[Task requirements]: Output the full listing again without altering anything.

[Input for this task]:
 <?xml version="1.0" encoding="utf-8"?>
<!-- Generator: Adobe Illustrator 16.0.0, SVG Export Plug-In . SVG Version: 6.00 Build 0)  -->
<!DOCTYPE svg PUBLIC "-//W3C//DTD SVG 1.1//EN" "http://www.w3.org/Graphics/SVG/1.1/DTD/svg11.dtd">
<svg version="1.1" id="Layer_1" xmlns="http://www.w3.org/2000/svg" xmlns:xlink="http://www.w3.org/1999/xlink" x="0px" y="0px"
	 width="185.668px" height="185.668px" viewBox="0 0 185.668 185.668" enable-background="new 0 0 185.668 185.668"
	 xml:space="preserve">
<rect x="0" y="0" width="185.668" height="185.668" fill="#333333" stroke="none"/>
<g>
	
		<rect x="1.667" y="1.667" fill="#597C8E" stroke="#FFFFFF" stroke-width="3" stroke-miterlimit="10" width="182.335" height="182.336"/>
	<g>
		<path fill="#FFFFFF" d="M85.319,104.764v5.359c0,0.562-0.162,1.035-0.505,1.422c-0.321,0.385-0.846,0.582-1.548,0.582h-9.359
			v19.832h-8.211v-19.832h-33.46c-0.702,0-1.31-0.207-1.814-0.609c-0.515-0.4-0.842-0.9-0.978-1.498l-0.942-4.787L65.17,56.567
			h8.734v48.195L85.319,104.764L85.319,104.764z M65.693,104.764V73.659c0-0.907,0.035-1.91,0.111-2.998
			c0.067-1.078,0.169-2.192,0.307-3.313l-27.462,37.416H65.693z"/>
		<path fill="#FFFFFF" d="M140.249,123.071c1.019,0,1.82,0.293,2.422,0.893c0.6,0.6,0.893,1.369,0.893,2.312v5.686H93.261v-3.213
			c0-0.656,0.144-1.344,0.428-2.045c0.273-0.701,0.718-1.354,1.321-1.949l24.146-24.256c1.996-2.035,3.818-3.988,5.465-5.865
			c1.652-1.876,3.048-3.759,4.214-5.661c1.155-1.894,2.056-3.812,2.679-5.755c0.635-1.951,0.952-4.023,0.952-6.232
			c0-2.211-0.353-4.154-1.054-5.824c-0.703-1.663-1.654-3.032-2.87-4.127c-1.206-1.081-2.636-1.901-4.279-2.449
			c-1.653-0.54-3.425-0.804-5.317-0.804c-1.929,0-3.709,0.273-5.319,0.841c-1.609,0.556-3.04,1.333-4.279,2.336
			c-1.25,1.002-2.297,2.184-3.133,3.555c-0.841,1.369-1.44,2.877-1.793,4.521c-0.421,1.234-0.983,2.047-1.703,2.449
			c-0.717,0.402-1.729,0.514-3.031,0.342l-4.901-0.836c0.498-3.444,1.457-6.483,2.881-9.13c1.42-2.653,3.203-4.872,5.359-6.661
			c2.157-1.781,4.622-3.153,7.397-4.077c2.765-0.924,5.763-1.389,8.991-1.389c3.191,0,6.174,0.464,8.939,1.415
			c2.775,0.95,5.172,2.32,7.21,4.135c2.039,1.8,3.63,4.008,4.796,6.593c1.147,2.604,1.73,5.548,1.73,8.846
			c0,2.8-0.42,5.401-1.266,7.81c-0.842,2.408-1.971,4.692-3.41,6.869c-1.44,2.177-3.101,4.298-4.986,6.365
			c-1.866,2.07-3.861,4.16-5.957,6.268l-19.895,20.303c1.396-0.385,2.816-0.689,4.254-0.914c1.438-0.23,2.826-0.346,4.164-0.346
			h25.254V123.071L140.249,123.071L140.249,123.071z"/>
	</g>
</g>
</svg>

[Response to this task]:
 <?xml version="1.0" encoding="utf-8"?>
<!-- Generator: Adobe Illustrator 16.0.0, SVG Export Plug-In . SVG Version: 6.00 Build 0)  -->
<!DOCTYPE svg PUBLIC "-//W3C//DTD SVG 1.1//EN" "http://www.w3.org/Graphics/SVG/1.1/DTD/svg11.dtd">
<svg version="1.1" id="Layer_1" xmlns="http://www.w3.org/2000/svg" xmlns:xlink="http://www.w3.org/1999/xlink" x="0px" y="0px"
	 width="185.668px" height="185.668px" viewBox="0 0 185.668 185.668" enable-background="new 0 0 185.668 185.668"
	 xml:space="preserve">
<rect x="0" y="0" width="185.668" height="185.668" fill="#333333" stroke="none"/>
<g>
	
		<rect x="1.667" y="1.667" fill="#597C8E" stroke="#FFFFFF" stroke-width="3" stroke-miterlimit="10" width="182.335" height="182.336"/>
	<g>
		<path fill="#FFFFFF" d="M85.319,104.764v5.359c0,0.562-0.162,1.035-0.505,1.422c-0.321,0.385-0.846,0.582-1.548,0.582h-9.359
			v19.832h-8.211v-19.832h-33.46c-0.702,0-1.31-0.207-1.814-0.609c-0.515-0.4-0.842-0.9-0.978-1.498l-0.942-4.787L65.17,56.567
			h8.734v48.195L85.319,104.764L85.319,104.764z M65.693,104.764V73.659c0-0.907,0.035-1.91,0.111-2.998
			c0.067-1.078,0.169-2.192,0.307-3.313l-27.462,37.416H65.693z"/>
		<path fill="#FFFFFF" d="M140.249,123.071c1.019,0,1.82,0.293,2.422,0.893c0.6,0.6,0.893,1.369,0.893,2.312v5.686H93.261v-3.213
			c0-0.656,0.144-1.344,0.428-2.045c0.273-0.701,0.718-1.354,1.321-1.949l24.146-24.256c1.996-2.035,3.818-3.988,5.465-5.865
			c1.652-1.876,3.048-3.759,4.214-5.661c1.155-1.894,2.056-3.812,2.679-5.755c0.635-1.951,0.952-4.023,0.952-6.232
			c0-2.211-0.353-4.154-1.054-5.824c-0.703-1.663-1.654-3.032-2.87-4.127c-1.206-1.081-2.636-1.901-4.279-2.449
			c-1.653-0.54-3.425-0.804-5.317-0.804c-1.929,0-3.709,0.273-5.319,0.841c-1.609,0.556-3.04,1.333-4.279,2.336
			c-1.25,1.002-2.297,2.184-3.133,3.555c-0.841,1.369-1.44,2.877-1.793,4.521c-0.421,1.234-0.983,2.047-1.703,2.449
			c-0.717,0.402-1.729,0.514-3.031,0.342l-4.901-0.836c0.498-3.444,1.457-6.483,2.881-9.13c1.42-2.653,3.203-4.872,5.359-6.661
			c2.157-1.781,4.622-3.153,7.397-4.077c2.765-0.924,5.763-1.389,8.991-1.389c3.191,0,6.174,0.464,8.939,1.415
			c2.775,0.95,5.172,2.32,7.21,4.135c2.039,1.8,3.63,4.008,4.796,6.593c1.147,2.604,1.73,5.548,1.73,8.846
			c0,2.8-0.42,5.401-1.266,7.81c-0.842,2.408-1.971,4.692-3.41,6.869c-1.44,2.177-3.101,4.298-4.986,6.365
			c-1.866,2.07-3.861,4.16-5.957,6.268l-19.895,20.303c1.396-0.385,2.816-0.689,4.254-0.914c1.438-0.23,2.826-0.346,4.164-0.346
			h25.254V123.071L140.249,123.071L140.249,123.071z"/>
	</g>
</g>
</svg>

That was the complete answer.